[Start of Attachment]

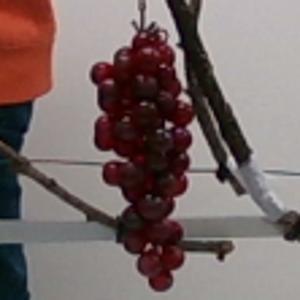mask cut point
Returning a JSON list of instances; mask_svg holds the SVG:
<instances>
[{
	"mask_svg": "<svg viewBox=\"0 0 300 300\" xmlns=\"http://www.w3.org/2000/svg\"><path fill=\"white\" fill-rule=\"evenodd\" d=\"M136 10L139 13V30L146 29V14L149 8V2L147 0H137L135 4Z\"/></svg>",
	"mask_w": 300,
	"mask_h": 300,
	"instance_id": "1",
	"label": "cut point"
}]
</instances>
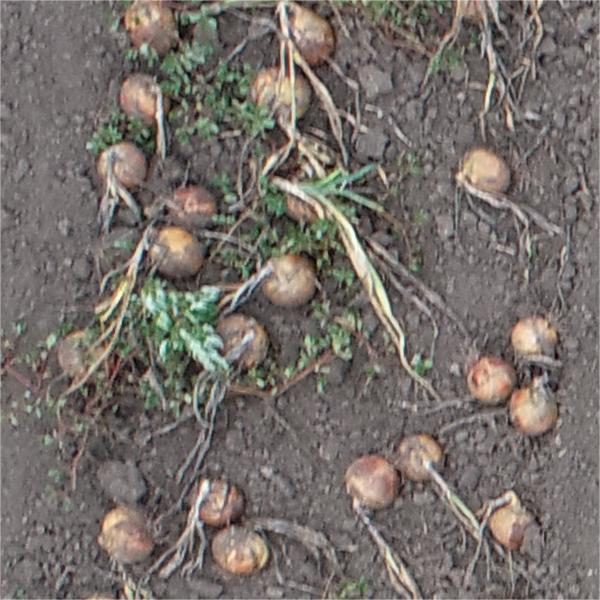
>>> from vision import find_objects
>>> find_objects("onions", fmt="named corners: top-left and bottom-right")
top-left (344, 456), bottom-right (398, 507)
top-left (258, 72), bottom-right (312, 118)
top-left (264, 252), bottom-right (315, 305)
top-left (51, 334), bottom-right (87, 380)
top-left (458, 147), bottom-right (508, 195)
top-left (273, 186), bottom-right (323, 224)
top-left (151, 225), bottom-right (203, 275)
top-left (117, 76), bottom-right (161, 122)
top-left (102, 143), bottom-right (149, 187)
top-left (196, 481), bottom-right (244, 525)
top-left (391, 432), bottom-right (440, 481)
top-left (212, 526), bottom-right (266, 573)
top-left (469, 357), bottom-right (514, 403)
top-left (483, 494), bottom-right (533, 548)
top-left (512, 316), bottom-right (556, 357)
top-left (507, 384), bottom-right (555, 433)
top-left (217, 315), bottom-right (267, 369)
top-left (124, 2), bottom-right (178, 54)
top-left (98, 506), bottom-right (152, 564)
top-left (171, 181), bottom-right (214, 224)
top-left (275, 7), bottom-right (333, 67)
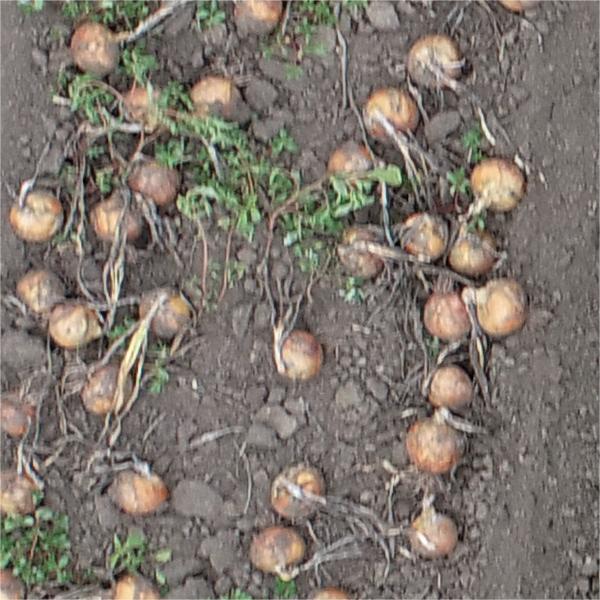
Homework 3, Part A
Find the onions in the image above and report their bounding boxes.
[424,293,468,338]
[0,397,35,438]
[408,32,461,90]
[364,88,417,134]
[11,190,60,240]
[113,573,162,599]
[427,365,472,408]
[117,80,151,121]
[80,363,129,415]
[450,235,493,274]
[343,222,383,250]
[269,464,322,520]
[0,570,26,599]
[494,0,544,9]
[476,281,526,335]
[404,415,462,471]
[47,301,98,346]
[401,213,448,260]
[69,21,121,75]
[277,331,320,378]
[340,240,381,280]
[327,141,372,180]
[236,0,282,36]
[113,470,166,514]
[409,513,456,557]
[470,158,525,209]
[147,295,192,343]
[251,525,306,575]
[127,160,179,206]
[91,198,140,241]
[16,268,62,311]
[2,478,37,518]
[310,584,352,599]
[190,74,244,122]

[End of Attachment]

WHAT THE TASK ASKS: Produce verbatim the lines starting at the one with "Homework 3, Part A" and ending at the last line of the material, both ends included. Add no other line.

RESPONSE BOX:
Homework 3, Part A
Find the onions in the image above and report their bounding boxes.
[424,293,468,338]
[0,397,35,438]
[408,32,461,90]
[364,88,417,134]
[11,190,60,240]
[113,573,162,599]
[427,365,472,408]
[117,80,151,121]
[80,363,129,415]
[450,235,493,274]
[343,222,383,250]
[269,464,322,520]
[0,570,26,599]
[494,0,544,9]
[476,281,526,335]
[404,415,462,471]
[47,301,98,346]
[401,213,448,260]
[69,21,121,75]
[277,331,320,378]
[340,240,381,280]
[327,141,372,180]
[236,0,282,36]
[113,470,166,514]
[409,513,456,557]
[470,158,525,209]
[147,295,192,343]
[251,525,306,575]
[127,160,179,206]
[91,198,140,241]
[16,268,62,311]
[2,478,37,518]
[310,584,352,599]
[190,74,244,122]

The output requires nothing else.